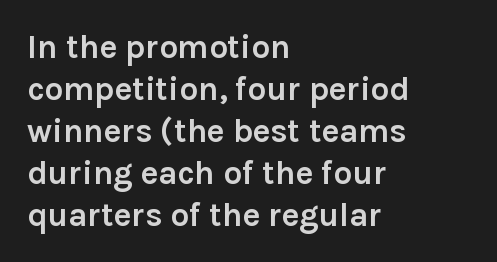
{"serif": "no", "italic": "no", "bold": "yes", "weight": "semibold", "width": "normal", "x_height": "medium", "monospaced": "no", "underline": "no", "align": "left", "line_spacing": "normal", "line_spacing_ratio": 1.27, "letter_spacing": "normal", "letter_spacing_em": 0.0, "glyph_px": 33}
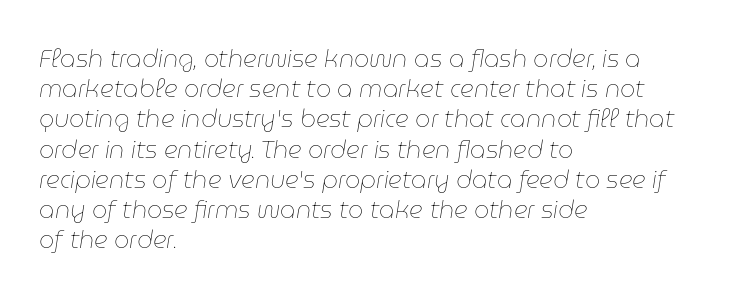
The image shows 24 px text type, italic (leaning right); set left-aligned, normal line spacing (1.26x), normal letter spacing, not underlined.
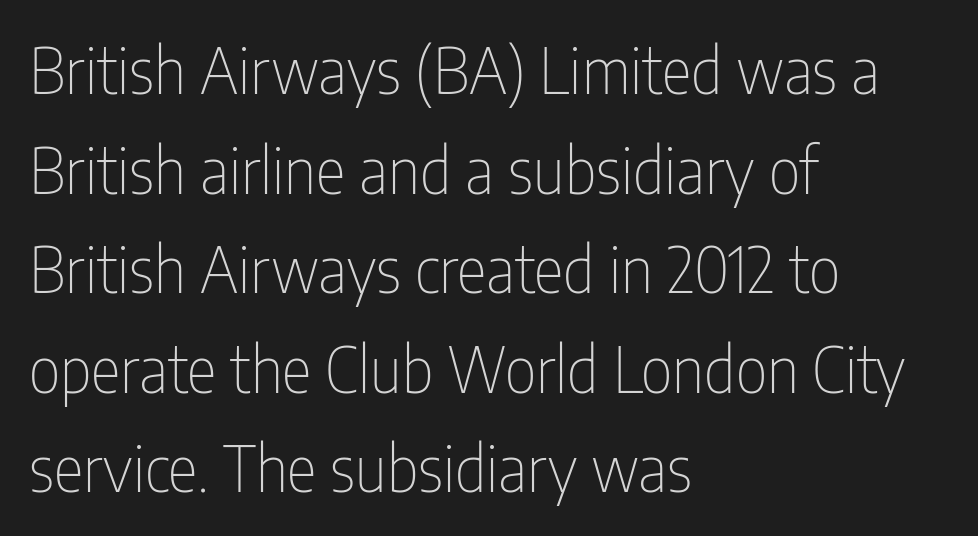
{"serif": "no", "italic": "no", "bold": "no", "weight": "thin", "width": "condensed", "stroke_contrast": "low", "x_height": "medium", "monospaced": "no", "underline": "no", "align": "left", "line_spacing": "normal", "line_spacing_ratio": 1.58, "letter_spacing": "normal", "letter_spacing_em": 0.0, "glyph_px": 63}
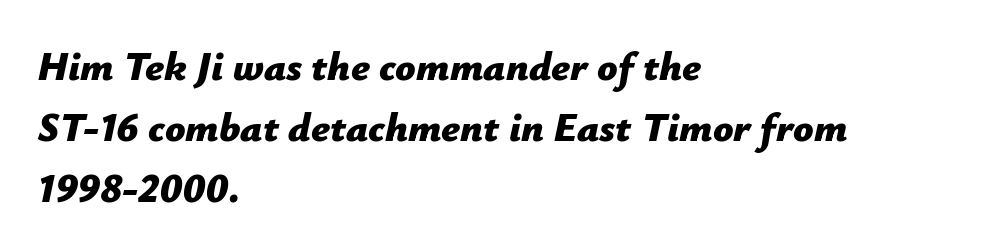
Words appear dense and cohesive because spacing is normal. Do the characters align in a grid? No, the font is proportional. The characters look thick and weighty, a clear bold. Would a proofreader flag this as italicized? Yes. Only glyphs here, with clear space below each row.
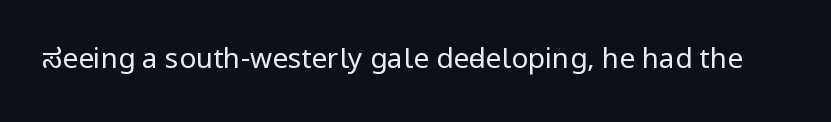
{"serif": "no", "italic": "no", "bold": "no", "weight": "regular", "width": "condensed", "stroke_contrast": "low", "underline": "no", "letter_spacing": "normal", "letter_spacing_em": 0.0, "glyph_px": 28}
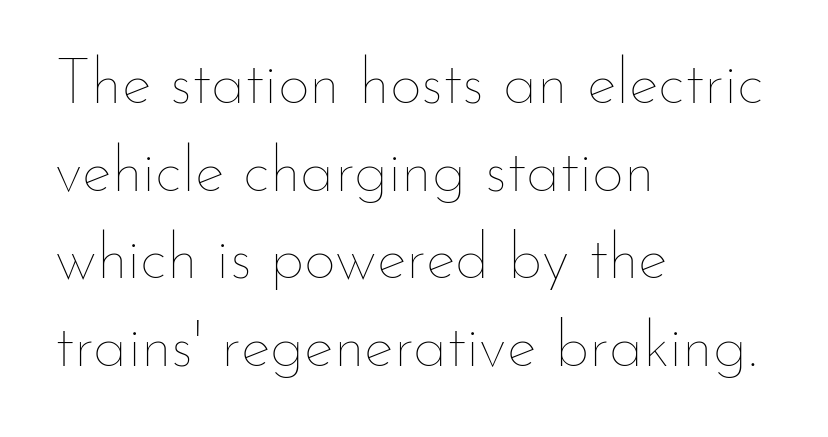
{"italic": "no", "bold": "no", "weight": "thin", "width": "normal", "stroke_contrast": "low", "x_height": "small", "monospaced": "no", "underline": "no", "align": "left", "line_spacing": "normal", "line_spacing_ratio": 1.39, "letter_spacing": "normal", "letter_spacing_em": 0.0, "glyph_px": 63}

--

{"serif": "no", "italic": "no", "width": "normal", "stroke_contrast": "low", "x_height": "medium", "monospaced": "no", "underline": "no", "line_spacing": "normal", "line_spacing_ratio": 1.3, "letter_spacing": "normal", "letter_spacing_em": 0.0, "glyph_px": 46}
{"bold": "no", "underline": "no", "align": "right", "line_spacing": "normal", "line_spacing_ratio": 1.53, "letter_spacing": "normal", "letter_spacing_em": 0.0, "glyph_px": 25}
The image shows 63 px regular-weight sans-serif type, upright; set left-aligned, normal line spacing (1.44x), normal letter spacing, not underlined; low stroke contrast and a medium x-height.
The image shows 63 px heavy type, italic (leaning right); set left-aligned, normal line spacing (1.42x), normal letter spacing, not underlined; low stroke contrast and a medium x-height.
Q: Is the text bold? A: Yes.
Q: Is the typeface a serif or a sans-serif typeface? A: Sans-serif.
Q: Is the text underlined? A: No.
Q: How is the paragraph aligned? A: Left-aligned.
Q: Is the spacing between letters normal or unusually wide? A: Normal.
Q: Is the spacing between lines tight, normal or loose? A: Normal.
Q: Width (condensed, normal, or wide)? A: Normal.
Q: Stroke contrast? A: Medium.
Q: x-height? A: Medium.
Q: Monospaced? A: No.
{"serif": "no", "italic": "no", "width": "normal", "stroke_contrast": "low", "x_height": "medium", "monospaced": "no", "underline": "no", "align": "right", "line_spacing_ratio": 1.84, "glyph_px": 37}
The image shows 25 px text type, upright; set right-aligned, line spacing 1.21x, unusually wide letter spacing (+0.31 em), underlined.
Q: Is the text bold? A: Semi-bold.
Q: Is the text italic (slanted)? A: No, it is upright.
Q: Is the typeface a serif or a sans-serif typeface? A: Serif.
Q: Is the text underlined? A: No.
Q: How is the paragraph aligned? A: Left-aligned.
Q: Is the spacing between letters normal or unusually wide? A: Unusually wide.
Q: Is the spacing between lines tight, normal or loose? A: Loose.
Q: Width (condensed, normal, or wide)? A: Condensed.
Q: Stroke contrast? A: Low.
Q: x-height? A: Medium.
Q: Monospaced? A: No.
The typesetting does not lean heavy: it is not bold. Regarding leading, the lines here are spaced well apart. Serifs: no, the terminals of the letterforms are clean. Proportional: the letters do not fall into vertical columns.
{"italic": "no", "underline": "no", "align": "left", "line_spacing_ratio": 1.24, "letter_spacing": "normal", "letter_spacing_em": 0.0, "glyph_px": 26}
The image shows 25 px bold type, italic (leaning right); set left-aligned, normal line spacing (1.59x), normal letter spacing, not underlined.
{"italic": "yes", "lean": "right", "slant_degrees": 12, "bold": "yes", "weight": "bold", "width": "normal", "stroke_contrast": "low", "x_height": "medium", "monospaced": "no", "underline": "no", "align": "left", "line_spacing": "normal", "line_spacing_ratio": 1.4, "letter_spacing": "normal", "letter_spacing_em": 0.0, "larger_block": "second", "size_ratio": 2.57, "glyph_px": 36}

ASSIGNMENT
Wherever the string "between" appears in the entries above, list that line.

SOLUTION BELOW
Q: Is the spacing between letters normal or unusually wide? A: Normal.
Q: Is the spacing between lines tight, normal or loose? A: Normal.
Q: Is the spacing between letters normal or unusually wide? A: Unusually wide.
Q: Is the spacing between lines tight, normal or loose? A: Loose.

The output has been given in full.